Disk capacities in the Teradata environment
have increased approximately eight-fold. The disk array bandwidth
has seen greater than a five-fold improvement during this same
period.
With capacity growing more quickly than disk
bandwidth, the bandwidth per GB of storage capacity has actually
decreased by 50% (figure 3).
Given this trend, it is challenging to take
advantage of abundant storage capacity while maintaining required
performance levels.
Managing the workload
As capacity and performance increase at different rates, the actual
impact on performance depends on the workload and the nature of
the data being transferred. In a data warehousing environment,
I/O bandwidth is the critical performance metric, whereas I/Os/sec.
may be more relevant in an operational system or OLTP environment.
In the Teradata environment, a typical workload
generates an extremely random disk access pattern. I/O sizes vary,
with an average of approximately 48 kilobytes. Cache in a disk
array is not effective since any data likely to be reused is already
cached within the memory of a Teradata compute node, which eliminates
the need to issue that I/O in the first place.
Given this workload, the disk performance is
the limiting factor in the Teradata environment. Here, a 15,000-rpm
disk can generate approximately 5.5 MB/sec. of bandwidth. Based
on the I/O bandwidth requirement of each generation of Teradata
compute node, the number of disks required can be easily calculated.
As disk capacities increase, businesses could
reduce the number of disks they use, but with a finite amount
of I/O bandwidth available per disk, they often find it necessary
to configure more disks for performance than are required for
capacity.
The performance and capacity technology trend
is not only a problem in data warehousing environments but it
is also an issue in transactional system environments (e.g.
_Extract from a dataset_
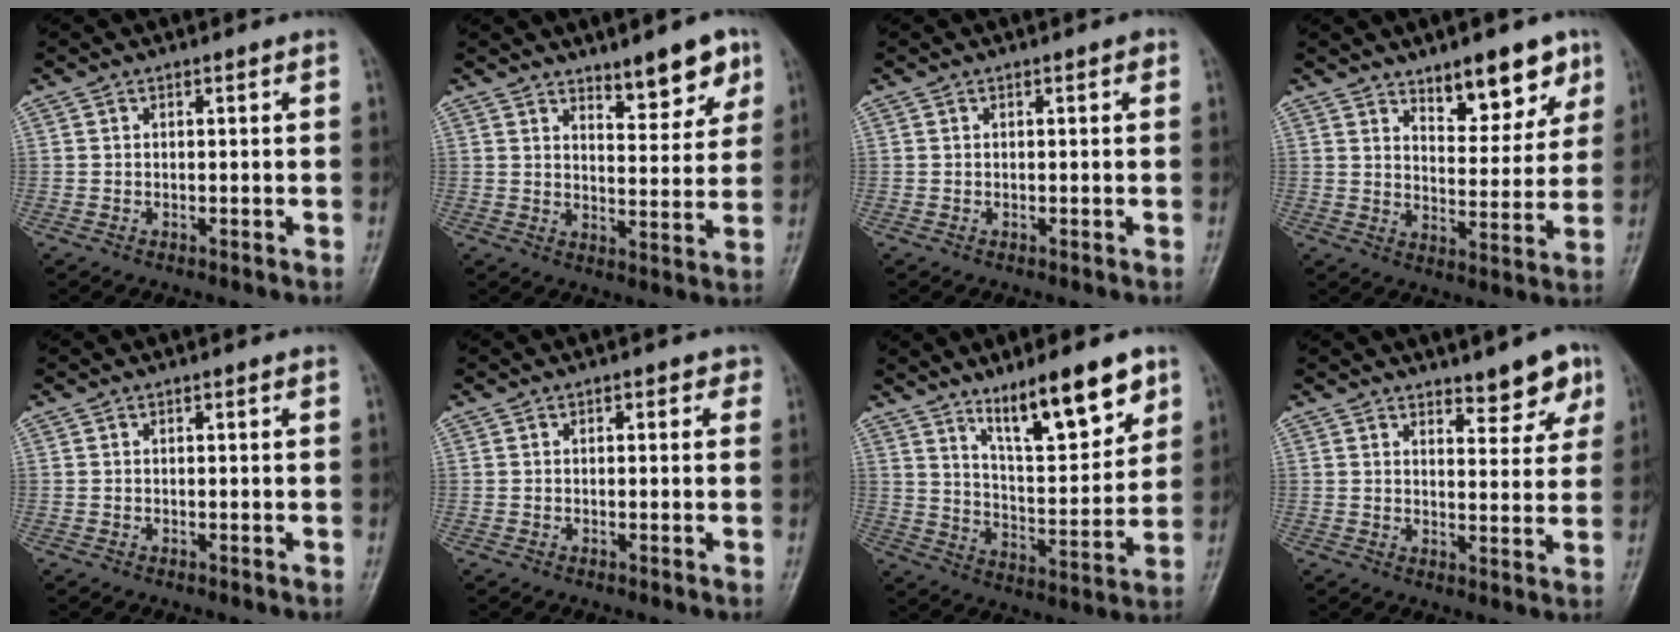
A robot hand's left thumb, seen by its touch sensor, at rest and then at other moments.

OLTP),
which are more sensitive to the number of I/Os per second that
can be performed. Regardless of capacity, a 15,000-rpm disk is
capable of performing approximately 154 small block (512 byte)
random I/Os per second (based on a 6.5 millisecond access time
as shown in figure 2).
As disk capacity doubles, disk performance
(I/Os per second) essentially remains static. As such, there is
now twice as much data capacity that the same number of I/Os per
second must service. This is leading a number of OLTP vendors
to recommend that some of the capacity on the larger disks not
be used.
Balancing the technology
Three methods address these disk trends. First, you can do everything
possible to extract maximum performance from a disk. Second, you
can use advanced database technologies to reduce I/O demand. Third,
and inevitably, you can identify good uses for the onslaught of
disk capacity. Let’s examine each of these methods.
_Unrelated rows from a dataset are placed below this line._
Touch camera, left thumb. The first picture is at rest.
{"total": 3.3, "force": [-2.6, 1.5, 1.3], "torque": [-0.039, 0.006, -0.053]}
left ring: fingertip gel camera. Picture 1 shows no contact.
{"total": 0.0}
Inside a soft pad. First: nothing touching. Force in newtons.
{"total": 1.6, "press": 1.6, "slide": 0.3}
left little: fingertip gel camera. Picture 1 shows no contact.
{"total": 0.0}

1) How does Teradata extract
the maximum performance possible from a disk?
Teradata uses high-performance disk array controllers and storage
interconnects to deliver the disk’s performance capabilities
without intervening bottlenecks.
Teradata recommends using RAID-1 instead of
RAID-5 redundancy. RAID-5 has a high I/O overhead for updates
and writes of intermediate tables. Furthermore, RAID-5 exacerbates
the capacity problem.
Teradata uses high-performance enterprise class
disks, with high rpm, low seek times and fast transfer rates.
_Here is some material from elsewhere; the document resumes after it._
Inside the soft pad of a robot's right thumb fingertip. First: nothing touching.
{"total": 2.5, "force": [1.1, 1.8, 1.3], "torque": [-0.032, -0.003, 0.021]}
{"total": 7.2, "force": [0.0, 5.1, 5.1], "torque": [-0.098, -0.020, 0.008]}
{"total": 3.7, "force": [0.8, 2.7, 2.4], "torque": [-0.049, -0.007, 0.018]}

Avoid performance-wasting, high-capacity, slow rpm, non-enterprise
PC-class SATA disks that require extra revolutions to acquire
data in the face of normal vibration.
Teradata tracks external and internal form
factor reductions in enterprise-class disks to apply maximum spindles
and disk actuators to disk capacity.
Where appropriate, Teradata uses larger transfer
sizes, via large block sizes or Teradata Database Cylinder Read
to access maximum data with minimum overhead.
2) How does Teradata use
advanced database technologies to reduce I/O demand?
The partitioned primary index (PPI) is a Teradata Database V2R5
feature that organizes data such that examining only a small portion
of data can satisfy many queries. When applied to range query
workloads, Teradata customers have achieved a 10-fold to 100-fold
reduction in I/O per query.
Secondary indexes in general are an excellent
way to trade ample capacity for reduction in I/O to base tables.
The Teradata Index Wizard can identify opportunities for the use
of indexing.
The Teradata Database V2R5 sparse join index
feature is not only highly efficient on capacity, but it can also
be very effective in reducing I/O.
Teradata Tools and Utilities, such as Teradata
Dynamic Query Manager, Teradata Priority Scheduler and Teradata
Manager, manage the workload and, by extension, the system resources.
These capabilities can identify waste and inefficiency, tuning
opportunities, and workloads that can be shifted to low-demand
periods.
3) How can you mitigate
the inevitable onslaught of capacity?
Despite our best efforts to extract maximum disk performance and
reduce I/O demand, the disk capacity wave is unstoppable. Shall
we throw in the towel like OLTP vendors and suggest that customers
use only a fraction of each disk drive? Absolutely not! There
is one more solution: Find good, low-access uses for the excess
capacity.
Tempering the trend
Temperature is used to represent frequency of data access—the
more frequently accessed the data, the hotter its temperature.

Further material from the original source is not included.